Feng Jianzhou, Shen Weijia, Cao Feng, Ni Yuan, Cai Peng, Sun Wen, Li Xiang
Shanghai Jiao Tong University, Shanghai, China.
Stud Health Technol Inform. 2013;192:974.
In this paper, we propose a data mining method for exploring the decision-making processes of physicians from electronic patient records and test it on the medical records of patients with type-2 diabetes mellitus. This method runs in two modes: general and partitioned. In the general mode, it mines rules from the whole medical records. In the partitioned mode, with a given partition factor, medical records are assigned into categories and a corresponding set of rules will be discovered for each category. Medication prescription predictions can be provided based on these rules. By comparing mined rules and prescription prediction accuracy under different modes, we discover that: 1) both the averaged precision and recall rate of the general mode can reach around 80%; 2) physicians tend to conform to the guideline instead of having their own preferences; 3) the medication decision can be affected by some hidden factors. These findings suggest this method show promise in discovering physician practice patterns and obtaining insights from real medical records.
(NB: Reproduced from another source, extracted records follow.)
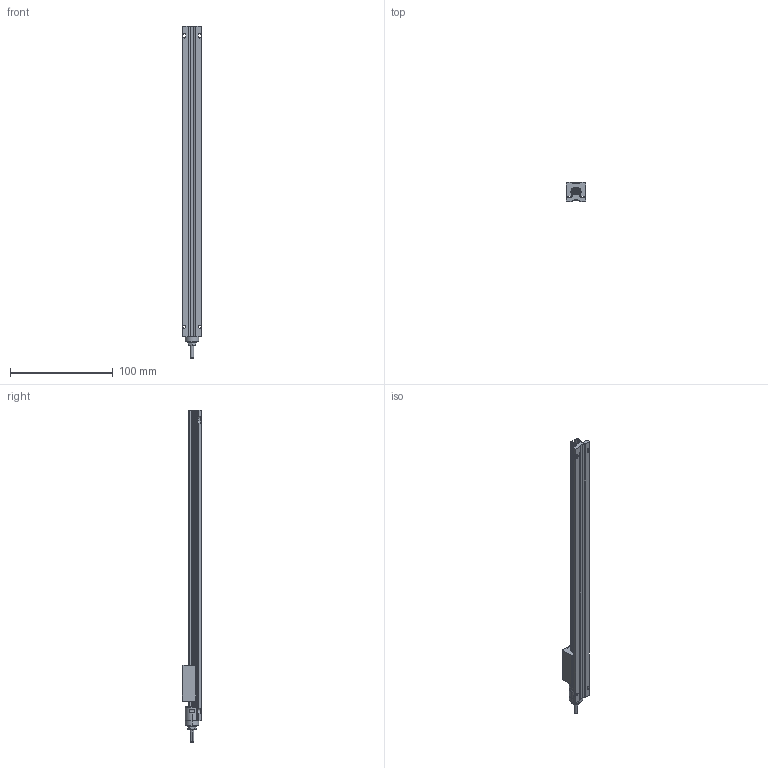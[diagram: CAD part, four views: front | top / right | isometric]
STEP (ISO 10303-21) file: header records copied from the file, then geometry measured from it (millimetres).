
FILE_DESCRIPTION (( 'STEP AP214' ), '1' );
FILE_NAME ('AMETEK-RGS04KR-A00-0025-10.00-001-0000-00.STEP', '2023-03-09T02:07:34', ( '' ), ( '' ), 'SwSTEP 2.0', 'SolidWorks 2022', '' );
FILE_SCHEMA (( 'AUTOMOTIVE_DESIGN' ));
Length unit declared in the file: inch
Products named in the file (13): Type B - Plain Washer (Inch) No. 6 - narrow - Type B; cover RGS4000; Cover Bearing RGS4000; Hex Nut - Style 1 - Metric M4 x 0; 619_4; Carriage RGS4000; PART1; Rail Dumbied_Default_rail; RGS04_bearing_assembly; Leadscrew RGS4000_Default_rail; Support Bearing RGS4000 Long; End Support Bushing RGS4000; AMETEK-RGS04KR-A00-0025-10.00-001-0000-00
Assembly tree (13 placements, depth 3):
  AMETEK-RGS04KR-A00-0025-10.00-001-0000-00
    Rail Dumbied_Default_rail
    Leadscrew RGS4000_Default_rail
    Carriage RGS4000
    cover RGS4000
    End Support Bushing RGS4000
    PART1
    RGS04_bearing_assembly
      Support Bearing RGS4000 Long
      Cover Bearing RGS4000
      Type B - Plain Washer (Inch) No. 6 - narrow - Type B
      619_4  x2
      Hex Nut - Style 1 - Metric M4 x 0
Bounding box: 19.05 x 18.54 x 323.85 mm (x, y, z)
Volume: 47161.9 mm3; surface area: 39792.6 mm2
Topology: 10 solids, 30 shells, 799 faces, 2046 edges, 1265 vertices
Faces by surface type: cylinder 319, plane 296, cone 131, bspline 41, torus 12
Entity records: 23787 total; most frequent: CARTESIAN_POINT 4569, DIRECTION 4064, ORIENTED_EDGE 3824, EDGE_CURVE 1912, AXIS2_PLACEMENT_3D 1466, VERTEX_POINT 1215, VECTOR 1132, LINE 1132
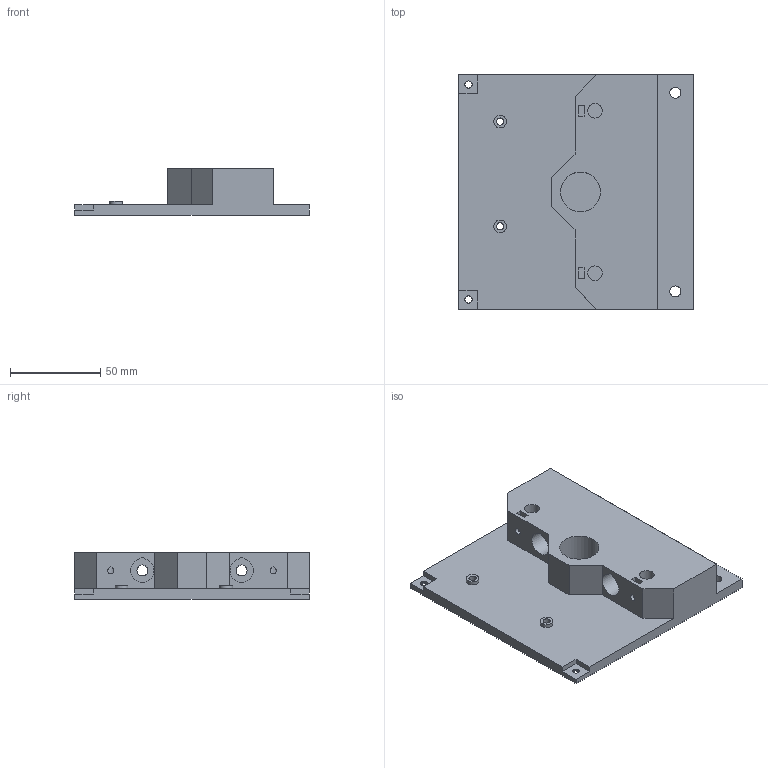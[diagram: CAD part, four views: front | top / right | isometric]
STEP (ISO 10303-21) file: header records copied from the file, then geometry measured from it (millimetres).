
FILE_DESCRIPTION(/* description */ ('STEP AP242','CAx-IF Rec.Pracs.---Representation and Presentation of Product Manufacturing Information (PMI)---4.0---2014-10-13','CAx-IF Rec.Pracs.---3D Tessellated Geometry---0.4---2014-09-14','2;1'),/* implementation_level */ '2;1');
FILE_NAME(/* name */ '681bec189417a05d63d37a5b',/* time_stamp */ '2025-05-07T23:26:17Z',/* author */ (''),/* organization */ (''),/* preprocessor_version */ 'ST-DEVELOPER v20',/* originating_system */ 'ONSHAPE BY PTC INC, 1.197',/* authorisation */ ' ');
FILE_SCHEMA (('AP242_MANAGED_MODEL_BASED_3D_ENGINEERING_MIM_LF { 1 0 10303 442 1 1 4 }'));
Length unit declared in the file: metre
Products named in the file (1): Right Bracket Plate
Bounding box: 130 x 130 x 26 mm (x, y, z)
Volume: 201208.6 mm3; surface area: 50718 mm2
Topology: 1 solids, 1 shells, 182 faces, 463 edges, 286 vertices
Faces by surface type: plane 165, cylinder 17
Full cylindrical faces by diameter (mm): 4 x4, 6 x2, 7 x2, 8.1 x2, 22 x1
Entity records: 5286 total; most frequent: CARTESIAN_POINT 907, ORIENTED_EDGE 888, DIRECTION 862, EDGE_CURVE 444, LINE 392, VECTOR 392, VERTEX_POINT 280, AXIS2_PLACEMENT_3D 235
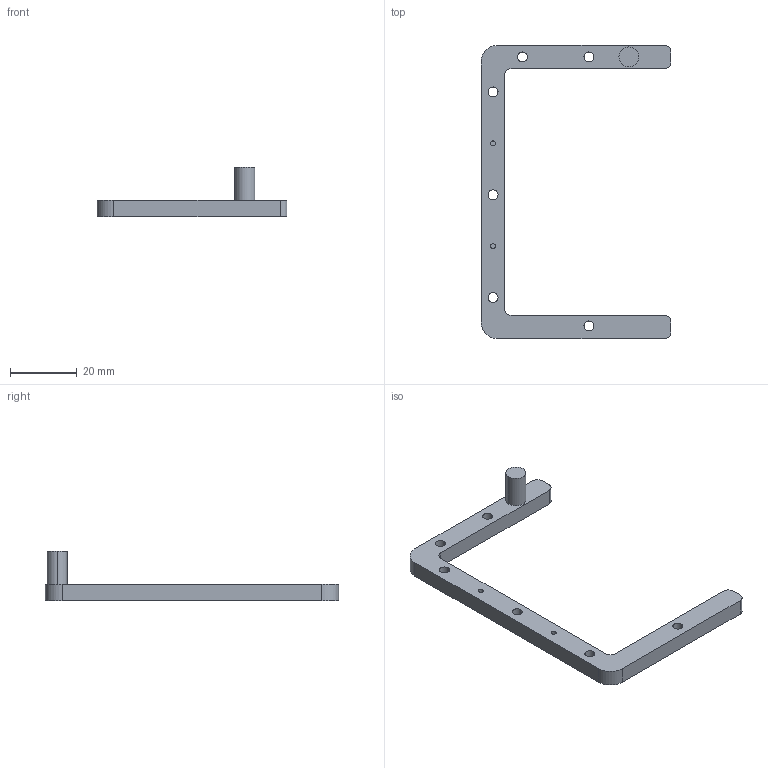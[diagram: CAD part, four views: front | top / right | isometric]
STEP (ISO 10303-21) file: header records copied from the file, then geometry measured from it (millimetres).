
FILE_DESCRIPTION (( 'STEP AP214' ), '1' );
FILE_NAME ('Bus1.STEP', '2023-08-21T18:29:00', ( '' ), ( '' ), 'SwSTEP 2.0', 'SolidWorks 2023', '' );
FILE_SCHEMA (( 'AUTOMOTIVE_DESIGN' ));
Length unit declared in the file: millimetre
Products named in the file (1): Bus1
Bounding box: 57 x 88 x 15 mm (x, y, z)
Volume: 6577.3 mm3; surface area: 4925.3 mm2
Topology: 1 solids, 1 shells, 39 faces, 102 edges, 68 vertices
Faces by surface type: cylinder 26, plane 13
Entity records: 1275 total; most frequent: DIRECTION 234, CARTESIAN_POINT 210, ORIENTED_EDGE 204, EDGE_CURVE 102, AXIS2_PLACEMENT_3D 92, VERTEX_POINT 68, EDGE_LOOP 54, CIRCLE 52
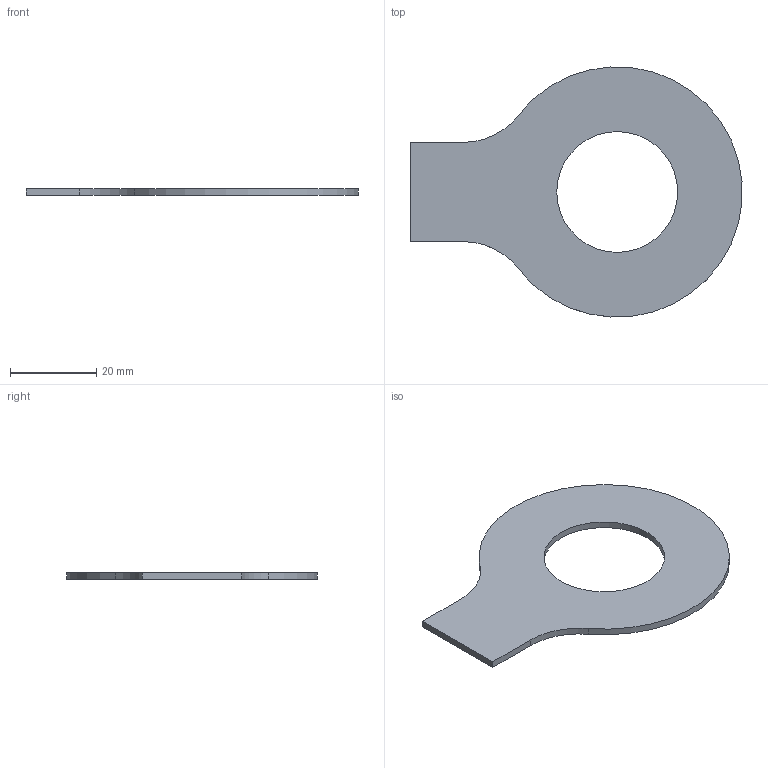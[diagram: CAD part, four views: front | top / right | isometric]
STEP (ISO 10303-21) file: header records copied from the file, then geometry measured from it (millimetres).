
FILE_DESCRIPTION(('FreeCAD Model'),'2;1');
FILE_NAME('DIN93_M27TabWasher.step', '2015-09-07T20:46:11',('Author'),(''), 'Open CASCADE STEP processor 6.8','FreeCAD','Unknown');
FILE_SCHEMA(('AUTOMOTIVE_DESIGN_CC2 { 1 2 10303 214 -1 1 5 4 }'));
Length unit declared in the file: millimetre
Products named in the file (1): Fillet
Bounding box: 76.89 x 57.91 x 1.6 mm (x, y, z)
Volume: 4006.2 mm3; surface area: 5502.2 mm2
Topology: 1 solids, 1 shells, 9 faces, 21 edges, 14 vertices
Faces by surface type: plane 5, cylinder 4
Full cylindrical faces by diameter (mm): 28 x1
Entity records: 567 total; most frequent: CARTESIAN_POINT 99, DIRECTION 89, LINE 47, VECTOR 47, ORIENTED_EDGE 42, PCURVE 42, DEFINITIONAL_REPRESENTATION 42, EDGE_CURVE 21

在本文中,我们提出了一种数据挖掘方法,用于从电子病历中探索医生的决策过程,并在2型糖尿病患者的病历上进行了测试。该方法有两种运行模式:通用模式和分区模式。在通用模式下,它从整个病历中挖掘规则。在分区模式下,根据给定的分区因子,将病历分配到不同类别,并为每个类别发现相应的一组规则。基于这些规则可以提供用药处方预测。通过比较不同模式下挖掘出的规则和处方预测准确性,我们发现:1)通用模式的平均精确率和召回率都能达到80%左右;2)医生倾向于遵循指南而非有自己的偏好;3)用药决策可能会受到一些隐藏因素的影响。这些发现表明该方法在发现医生的实践模式和从真实病历中获取见解方面具有潜力。